SOFIFI — Gelar juara EPA Super League U-18 musim 2025-2026 akhirnya diraih Malut United setelah melewati laga puncak yang menegangkan melawan Persija Jakarta U-18. Pertandingan yang berlangsung pada Minggu (17/5) harus ditentukan melalui adu penalti setelah skor imbang 0-0 bertahan hingga peluit panjang.
Kiper muda Malut United, Erlangga Dwi Putra, menjadi pahlawan kemenangan.

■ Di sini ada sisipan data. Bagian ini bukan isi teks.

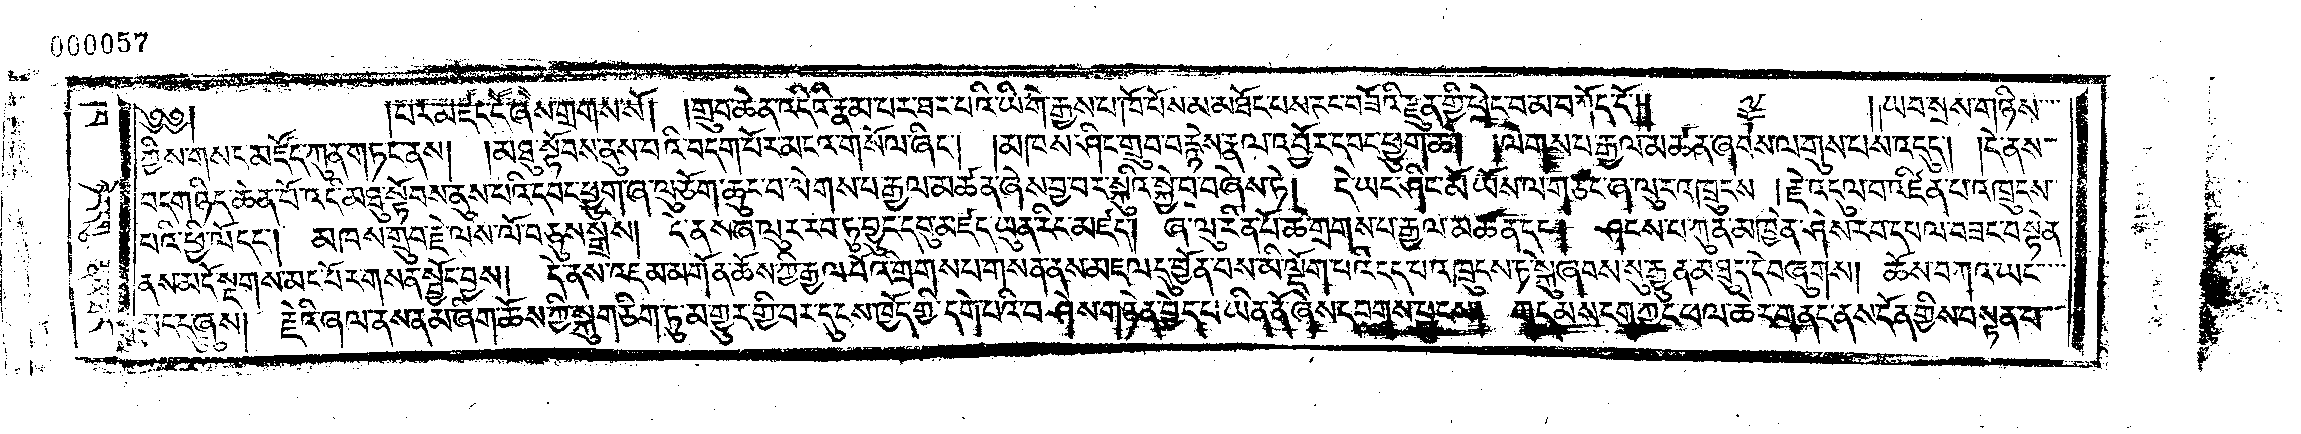༄༅། །པར་མཛད་དོ་ཞེས་གྲགས་སོ། །གྲུབ་ཆེན་འདིའི་རྣམ་པར་ཐར་པའི་ཡི་གེ་རྒྱས་པ་ཁོ་བོས་མ་མཐོང་བས་རང་བཟོའི་རྫུན་གྱི་ཕྲེང་བ་མ་བཀོད་དོ།། ༈ །།ཡབ་སྲས་གཉིས་
ཀྱིས་གསང་མཛོད་ཀུན་གཏད་ནས། །མཐུ་སྟོབས་ནུས་པའི་བདག་པོར་མངའ་གསོལ་ཞིང་། །མཁས་ཤིང་གྲུབ་བརྙེས་རྣལ་འབྱོར་དབང་ཕྱུག་ཆེ། །ལེགས་པ་རྒྱལ་མཚན་ཞབས་ལ་གུས་པས་འདུད། །དེ་ནས་
བདག་ཉིད་ཆེན་པོ་འདི་མཐུ་སྟོབས་ནུས་པའི་དབང་ཕྱུག་ཞ་ལུ་ཅོག་ཆུང་བ་ལེགས་པ་རྒྱལ་མཚན་ཞེས་བྱ་བར་སྐུའི་སྐྱེ་བ་བཞེས་ཏེ། དེ་ཡང་ཤིང་མོ་ཡོས་ལ་གཙང་ཞ་ལུ་ར་འཁྲུངས། །རྗེ་འདུལ་བ་འཛིན་པ་འཁྲུངས་
པའི་ཕྱི་ལོ་དང་། མཁས་གྲུབ་རྗེ་ལས་ལོ་བཅུས་སྒྲེས། དེ་ནས་ཞ་ལུར་རབ་ཏུ་བྱུང་དབུ་མཛད་ཡུན་རིང་མཛད། ཞ་ལུ་རིན་པོ་ཆེ་གྲགས་པ་རྒྱལ་མཚན་དང་། ཤངས་པ་ཀུན་མཁྱེན་ཤེས་རབ་དཔལ་བཟང་བསྟེན་
ནས་མདོ་སྔགས་མང་པོར་གསན་སྦྱོང་བྱས། དེ་ནས་འཇམ་མགོན་ཆོས་ཀྱི་རྒྱལ་པོའི་གྲགས་པ་གསན་ནས་མཇལ་དུ་བྱོན་པས་མི་ལྡོག་པའི་དད་པ་འཁྲུངས་ཏེ་སྐུ་ཞབས་སུ་རྒྱུན་མཐུད་དེ་བཞུགས། ཆོས་བཀའ་ཡང་
མང་དུ་ཞུས། རྗེའི་ཞལ་ནས་ནམ་ཞིག་ཆོས་ཀྱི་སྐུ་གཅིག་ཏུ་མ་གྱུར་གྱི་བར་དུ་ངས་ཁྱོད་ཀྱི་དགེ་བའི་བཤེས་གཉེན་བྱེད་པ་ཡིན་ནོ་ཞེས་དབུགས་ཕྱུངས། གདམས་ངག་ཀྱང་ཕལ་ཆེར་གནང་ནས་དོན་གྱིས་བསྟན་པ་

Ia sukses menggagalkan tiga dari lima eksekusi penalti pemain Persija, memastikan timnya unggul 3-2 dalam babak tos-tosan.
Peran Legenda Timnas di Balik Kekuatan Mental Pemain
Skuad Laskar Kie Raha U-18 dinakhodai oleh mantan penyerang Timnas Indonesia, Talaohu Abdul Musafri. Debutnya sebagai pelatih di musim ini langsung berbuah manis. Musafri menilai kunci keberhasilan timnya terletak pada kegigihan dan karakter pemain yang sudah teruji di situasi sulit.
"Pemain sudah sering melewati situasi sulit dalam pertandingan. Ketika harus menghadapi adu penalti di final, mereka mampu menunjukkan kegigihan dan karakter," ujar Musafri.
Kiper Muda Jadi Pahlawan, Tiga Penalti Digagalkan
Penampilan apik Erlangga di bawah mistar menjadi pembeda di laga final. Ia mampu membaca arah tendangan para eksekutor Persija dengan sempurna. "Semua pemain bertekad meraih juara. Kami berusaha fokus dan berjuang hingga akhir untuk mewujudkan keinginan bersama," kata Erlangga.
Keberhasilan ini sekaligus menjadi pembuktian bahwa Maluku Utara dan Maluku memiliki banyak talenta muda potensial yang siap bersaing di level tertinggi.
Musafri: Maluku Utara Punya Banyak Pemain Potensial
Bagi Musafri, gelar juara EPA Super League U-18 bukan sekadar trofi. Ini adalah sinyal kuat bagi sepak bola nasional bahwa bibit-bibit unggul lahir dari wilayah timur Indonesia. "Semua orang bisa menyaksikan Maluku Utara dan Maluku memiliki banyak pemain muda yang berpotensi besar menghiasi liga serta tim nasional," ujar Musafri.
Kemenangan ini diharapkan menjadi motivasi bagi pembinaan usia muda di Maluku Utara. Malut United U-18 membuktikan bahwa kerja keras dan fokus mampu mengantarkan mereka menjadi yang terbaik di kompetisi level nasional.